While working as a teacher at Stanford in 1999, she met with two of the school’s students — Larry Page and Sergey Brin — who were building a new Internet search company and looking for some help designing a logo.
“It wasn’t a known brand. We were dealing with trying to make a dent and an impression that was at first sight very different than what was available then,” Kedar says of the goal for that original logo. “Play was important. Differentiation was important… Now we are seeing a completely new interpretation of that.”
This week Google ditched the serif typeface Kedar designed for its logo in 1999 and replaced it with a new typeface called Product Sans. The makeover is a thorough one: For the first time, the Google logo is animated. The range of colors is similar to earlier versions, but more vivid. And the lowercase “g” that appears as shorthand for the logo in tabs has been replaced by a more colorful uppercase “G.”
Unlike some in the media, however, Kedar was not surprised by Google’s decision to make major branding changes. If anything, she was surprised it took so long.
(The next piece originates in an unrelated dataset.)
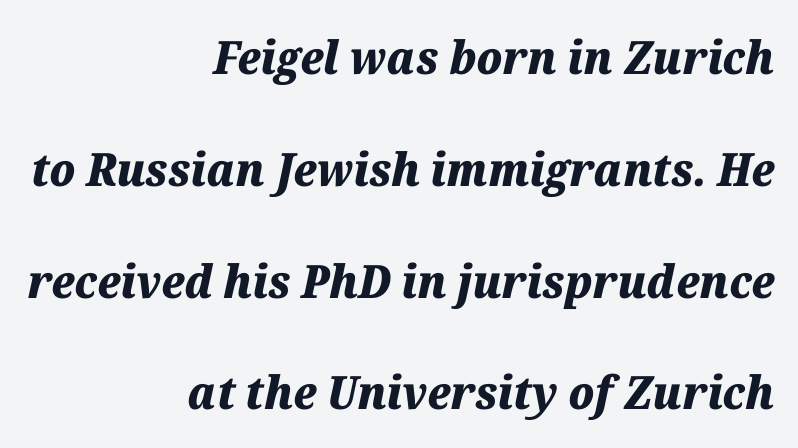
{"italic": "yes", "lean": "right", "slant_degrees": 12, "bold": "yes", "weight": "heavy", "width": "normal", "stroke_contrast": "medium", "x_height": "medium", "monospaced": "no", "underline": "no", "align": "right", "line_spacing": "loose", "line_spacing_ratio": 2.43, "letter_spacing": "normal", "letter_spacing_em": 0.0, "glyph_px": 46}

“I was expecting some changes after Alphabet,” Kedar says, referring to Google’s decision last month to restructure and create a new parent company. “There have been a lot of changes in the company and the product line and technology and the media in which we display… So I’ve been surprised that they haven’t done something beforehand.”
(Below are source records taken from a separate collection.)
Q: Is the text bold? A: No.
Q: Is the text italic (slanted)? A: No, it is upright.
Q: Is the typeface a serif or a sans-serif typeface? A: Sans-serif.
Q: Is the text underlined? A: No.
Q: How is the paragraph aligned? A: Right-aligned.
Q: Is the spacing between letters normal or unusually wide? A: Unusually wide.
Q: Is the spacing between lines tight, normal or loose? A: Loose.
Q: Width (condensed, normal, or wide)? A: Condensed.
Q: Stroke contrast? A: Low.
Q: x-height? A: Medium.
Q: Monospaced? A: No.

Kedar’s association with what would become a world-famous brand helped as she set up her own design studio. “It got me to some level of notoriety and definitely has opened doors,” she says. Google’s logo change may result in a change to her personal brand as well. “People need to now refer to me as the FGLD — the former Google logo designer.”
Not that she’s complaining.
“My 15 minutes [of fame]were a little bit longer than that. When I did this design, nobody had thought that it would be what it has become,” she says. “Of course it’s always bittersweet when something of yours that perhaps was held in some ways is now held in a different way. But it’s a fantastic opportunity to move on.”
“Now I can make room for the next 15 minutes of fame.”